**Problem**
Within the records below, reproduce without change the lines from the line that has "Q: How is the" through the line that has "Q: Monospaced? A: No.", and only those.

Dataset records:
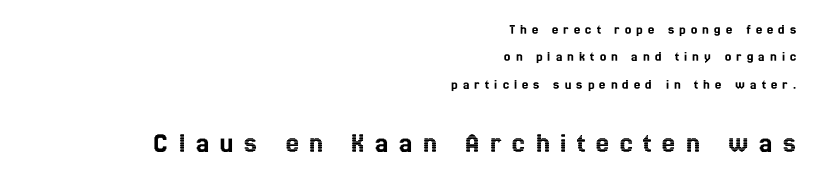
Q: Is the text italic (slanted)? A: No, it is upright.
Q: Is the text underlined? A: No.
Q: How is the paragraph aligned? A: Right-aligned.
Q: Is the spacing between letters normal or unusually wide? A: Unusually wide.
Q: Is the spacing between lines tight, normal or loose? A: Loose.
Q: Which block of text is set in a larger size, the first (top) or the second (bottom)? A: The second (bottom) one.
Q: Width (condensed, normal, or wide)? A: Condensed.
Q: x-height? A: Medium.
Q: Monospaced? A: No.
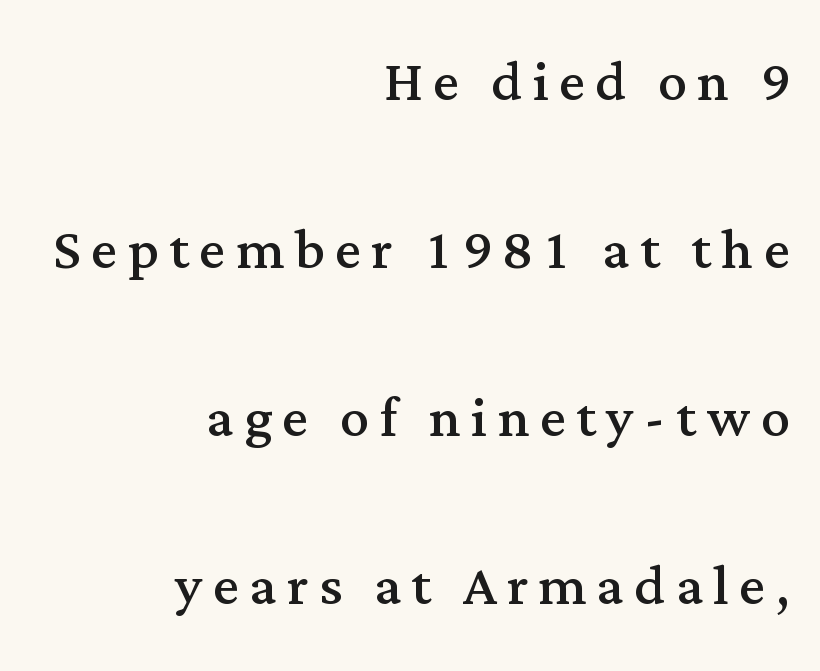
{"serif": "yes", "italic": "no", "bold": "no", "weight": "regular", "width": "normal", "stroke_contrast": "medium", "x_height": "medium", "monospaced": "no", "underline": "no", "align": "right", "line_spacing": "loose", "line_spacing_ratio": 2.3, "glyph_px": 73}
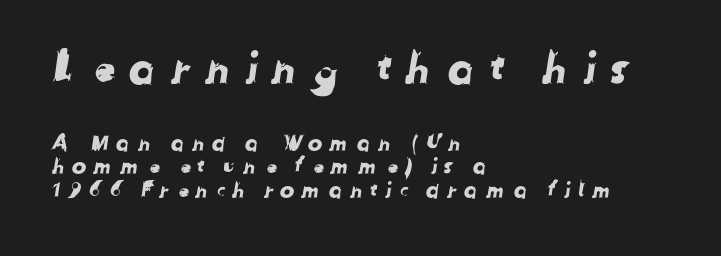
{"serif": "no", "width": "normal", "stroke_contrast": "low", "x_height": "medium", "monospaced": "no", "underline": "no", "align": "left", "line_spacing": "tight", "line_spacing_ratio": 1.08, "letter_spacing": "wide", "letter_spacing_em": 0.26, "larger_block": "first", "size_ratio": 2.0, "glyph_px": 44}
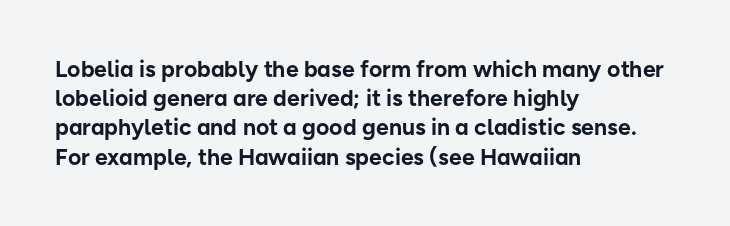
{"italic": "no", "bold": "yes", "underline": "no", "align": "left", "line_spacing": "normal", "line_spacing_ratio": 1.27, "letter_spacing": "normal", "letter_spacing_em": 0.0, "glyph_px": 23}
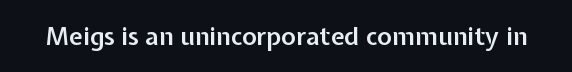
{"italic": "no", "bold": "semi", "underline": "no", "letter_spacing": "normal", "letter_spacing_em": 0.0, "glyph_px": 25}
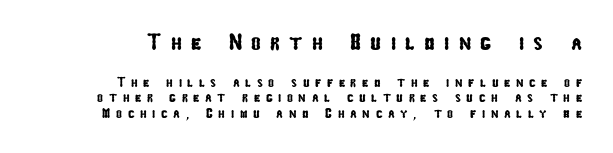
{"underline": "no", "align": "right", "line_spacing": "tight", "line_spacing_ratio": 1.11, "letter_spacing": "wide", "letter_spacing_em": 0.4, "larger_block": "first", "size_ratio": 1.64, "glyph_px": 23}
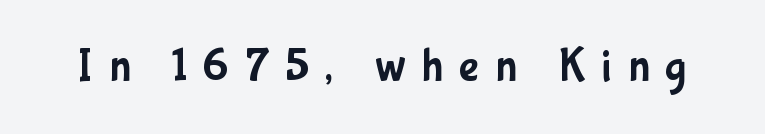
Nothing sits at the stroke ends, so this counts as sans-serif. What stands out about the letter spacing? Its width — letters are far apart. The foot of each line stays bare and open. Tall strokes in this sample are plumb rather than angled.

**Output**
Q: How is the paragraph aligned? A: Right-aligned.
Q: Is the spacing between letters normal or unusually wide? A: Unusually wide.
Q: Is the spacing between lines tight, normal or loose? A: Loose.
Q: Which block of text is set in a larger size, the first (top) or the second (bottom)? A: The second (bottom) one.
Q: Width (condensed, normal, or wide)? A: Condensed.
Q: x-height? A: Medium.
Q: Monospaced? A: No.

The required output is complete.